肖婧一时下不了台,耍赖起来:“滚,谁稀罕你的什么破衣服。”
南柯一梦怃然良久,垂着头走开了。待不见了他人影,肖婧气呼呼地跑回床边,倒在床上,拿枕头出气。一阵脚步声从门边传来,肖婧还以为是南柯一梦去而复返,就故意板着脸儿说:“出去,你回来做什么?”她把枕头甩了出去。
“哎哟,我的千金大小姐,又在跟谁怄气了?”肖太太神秘一现,避过了枕头的袭击,她拾起枕头抱起被子,向床边走过去。肖婧觉得失态,脸颊绯红。见到母亲,撒娇的小性儿又犯了:“都是他了,竟敢对我图谋不轨。”
“他是谁呀?是罗夫?”肖太太是知道底细,不道破而已。
肖婧说:“女儿的心思岂能瞒过妈咪的眼睛,是不是罗夫还用我说么。”肖太太这才换了口吻,语重心长地说:“婧儿,说来你的年纪还小,谈情说爱本不是你这个年龄应该做的,带妈咪并不反对你现在就与男生过甚交往――你对南柯一梦怎么样我心里清楚,听妈咪一句话,如果你真的喜欢他,那要先问他现在或以前有没有喜欢过别的女孩子。”
“妈咪,您瞎说什么呀。”
肖婧倏地坐起来夺过母亲手中的枕头,挡住自己的脸,然后说:“我跟他……他跟我……总而言之,这人以后我不用了。”

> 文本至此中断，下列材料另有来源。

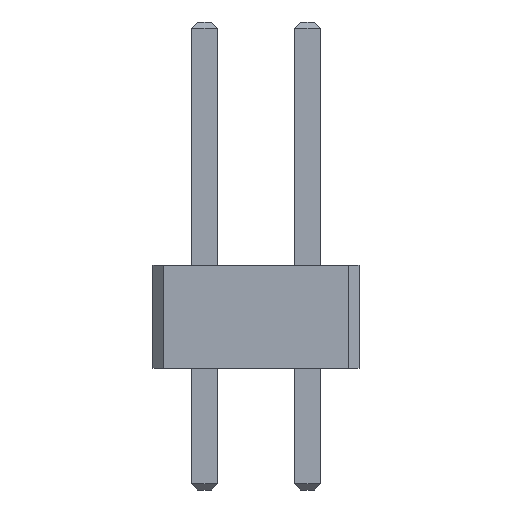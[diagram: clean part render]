
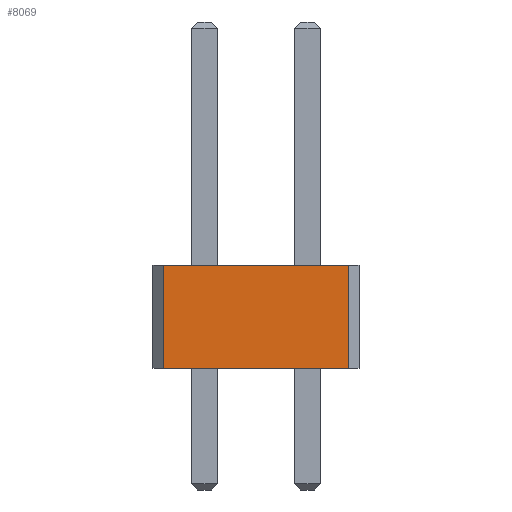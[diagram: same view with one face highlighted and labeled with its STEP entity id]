
A CAD part, front view. The second image highlights one B-rep face of the part: STEP entity #8069.
In plain terms, the highlighted planar face has unit normal (0, -1, 0).
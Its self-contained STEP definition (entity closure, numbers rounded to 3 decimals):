
#647 = VERTEX_POINT('',#648);
#648 = CARTESIAN_POINT('',(3.56,-59.69,0.));
#654 = EDGE_CURVE('',#655,#647,#657,.T.);
#655 = VERTEX_POINT('',#656);
#656 = CARTESIAN_POINT('',(-1.02,-59.69,0.));
#657 = LINE('',#658,#659);
#658 = CARTESIAN_POINT('',(-1.27,-59.69,0.));
#659 = VECTOR('',#660,1.);
#660 = DIRECTION('',(1.,0.,0.));
#3471 = VERTEX_POINT('',#3472);
#3472 = CARTESIAN_POINT('',(-1.02,-59.69,2.54));
#3478 = EDGE_CURVE('',#3471,#3479,#3481,.T.);
#3479 = VERTEX_POINT('',#3480);
#3480 = CARTESIAN_POINT('',(3.56,-59.69,2.54));
#3481 = LINE('',#3482,#3483);
#3482 = CARTESIAN_POINT('',(-1.27,-59.69,2.54));
#3483 = VECTOR('',#3484,1.);
#3484 = DIRECTION('',(1.,0.,0.));
#8059 = EDGE_CURVE('',#655,#3471,#8060,.T.);
#8060 = LINE('',#8061,#8062);
#8061 = CARTESIAN_POINT('',(-1.02,-59.69,0.));
#8062 = VECTOR('',#8063,1.);
#8063 = DIRECTION('',(0.,0.,1.));
#8069 = ADVANCED_FACE('',(#8070),#8081,.F.);
#8070 = FACE_BOUND('',#8071,.F.);
#8071 = EDGE_LOOP('',(#8072,#8073,#8074,#8075));
#8072 = ORIENTED_EDGE('',*,*,#654,.F.);
#8073 = ORIENTED_EDGE('',*,*,#8059,.T.);
#8074 = ORIENTED_EDGE('',*,*,#3478,.T.);
#8075 = ORIENTED_EDGE('',*,*,#8076,.F.);
#8076 = EDGE_CURVE('',#647,#3479,#8077,.T.);
#8077 = LINE('',#8078,#8079);
#8078 = CARTESIAN_POINT('',(3.56,-59.69,0.));
#8079 = VECTOR('',#8080,1.);
#8080 = DIRECTION('',(0.,0.,1.));
#8081 = PLANE('',#8082);
#8082 = AXIS2_PLACEMENT_3D('',#8083,#8084,#8085);
#8083 = CARTESIAN_POINT('',(-1.27,-59.69,0.));
#8084 = DIRECTION('',(0.,1.,0.));
#8085 = DIRECTION('',(1.,0.,0.));

“好,妈咪尊重你的选择,留下他只能给你增添烦恼,我这就去打发他走。”
“别这样做,妈咪。”
肖婧慌了,拽住妈咪的手:“他能找到我们这个安身立命之所也是缘分,难道您就狠心让他浪迹四海,漂无定所吗?”妈咪忍俊不禁:“不打自招了吧,听到他要走了便紧张成这个样子。婧儿,妈咪真的希望你是他接触的第一个女孩子,若不然-—”
“妈咪,您怎么这样说呢?”
肖婧很诧异,妈咪若有所思地说:“都说恋爱中的女孩子是疯子,是傻子。有些话说出来你未必相信,我又何必非要说破呢。”